Some wise words from Ben Cameron

Ben Cameron at the Doris Duke Charitable Foundation was a thought partner and the supporter of phase one of the bright spots research on the performing arts in the U.S.  (read it here).  He continues to challenge our thinking in the best way, and had the following to say about our current report and where he thinks the conversation could go from here:

This report is smart, insightful and useful.  It builds well on the research we commissioned and takes it farther.  I’d love to see more conversation on some of the points.  For example, the section on Bright Spot organizations not seeing other arts organizations as competition made me think of Barry Nailbuff’s definition of “coopetition” — cooperating to grow the pie for everyone, even while it is inevitable that they will continue to compete for a piece of it.  In my view, many performing arts groups are likely to continue to see their counterparts as competition, but the ones that are succeeding don’t let this preclude them from cooperating and sharing, and recognizing there are bigger, more important competitive forces out there.  Another point that could prompt more discussion is the issue of transparent leadership. Personally, I think hierarchies are often good things to some degree — someone in the rehearsal hall has to make the decision on the blocking rather than reaching consensus, and ultimately the board is the group legally responsible.  The question for me is: How do we create more porous structures that invite different ways of decision-making and participation, without losing the advantages of deep knowledge and some siloing of functions?

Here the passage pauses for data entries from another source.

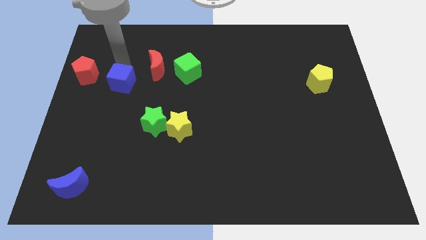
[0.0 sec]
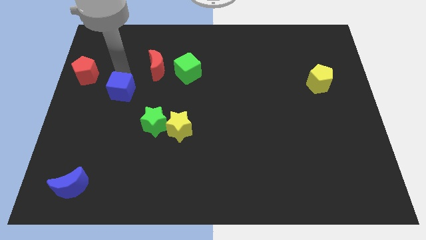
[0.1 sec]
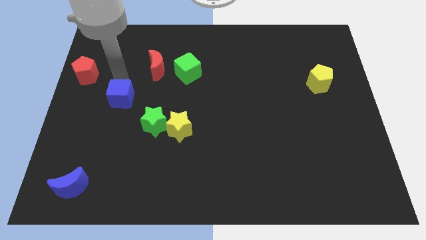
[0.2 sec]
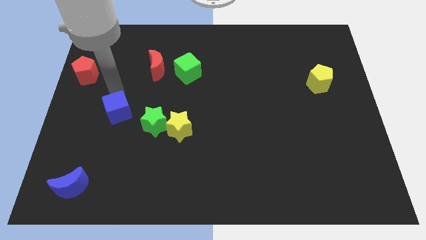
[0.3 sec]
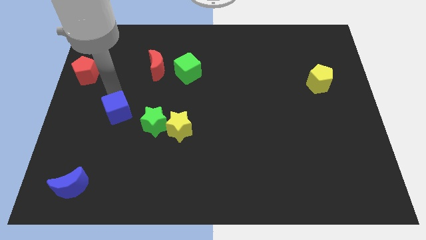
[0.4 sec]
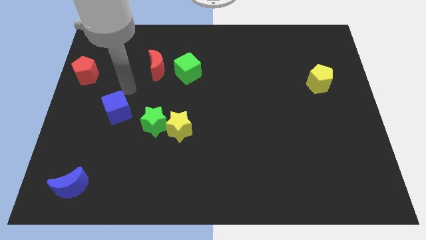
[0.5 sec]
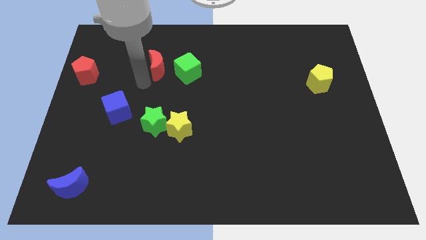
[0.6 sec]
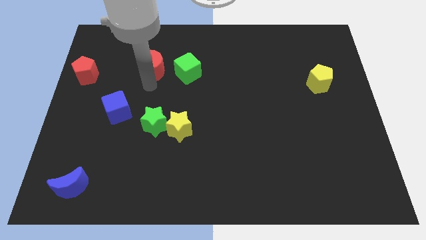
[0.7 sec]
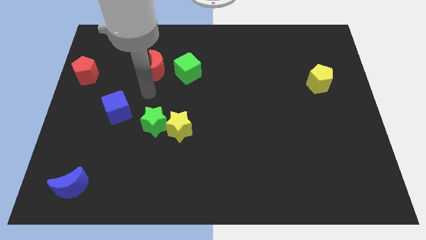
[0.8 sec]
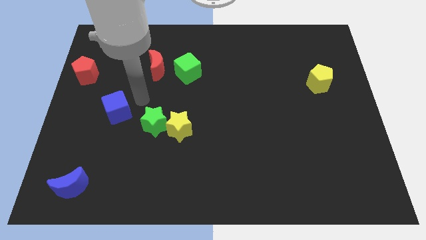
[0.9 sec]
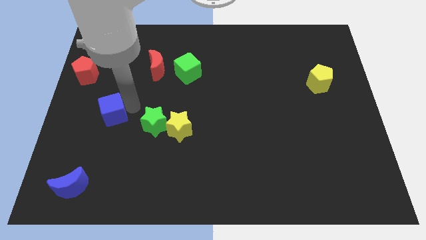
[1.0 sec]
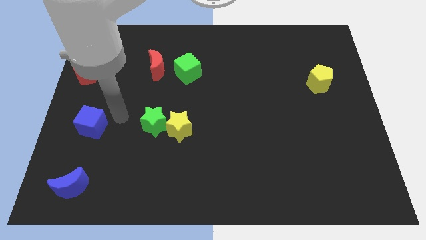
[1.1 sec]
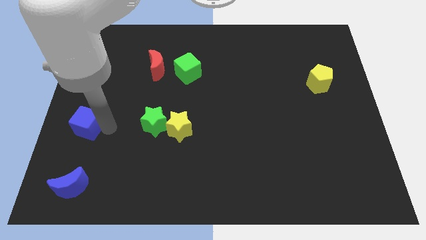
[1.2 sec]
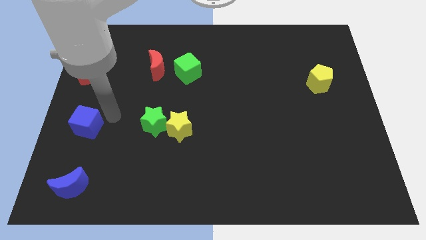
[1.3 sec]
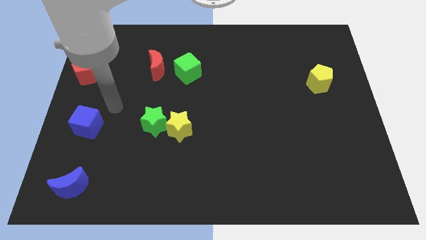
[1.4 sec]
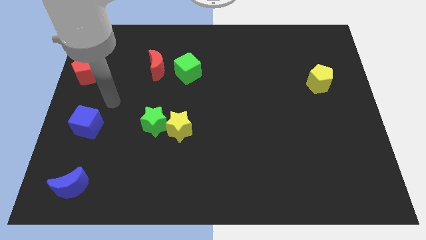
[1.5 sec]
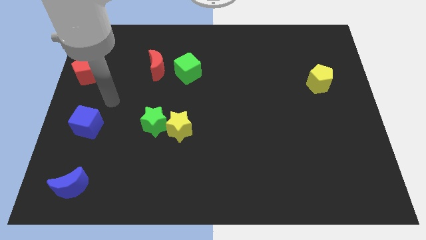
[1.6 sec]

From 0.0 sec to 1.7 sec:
slide blue cube horizontal to green star

2 thoughts on “Some wise words from Ben Cameron

  1. Transparency doesn’t necessarily equate with diminishing hierarchies, although some might say that strongly hierarchical structures frequently lack transparency.

    • Important distinction, Jerry, thanks. We found both transparency and less hierarchy in many of the bright spots we studied. We also found, to Ben’s point, that bright spots have very clear lines of responsibility and decision making processes, even though their structures might be “flatter.” This allows appropriate leadership to be executed at all levels of staff and Board.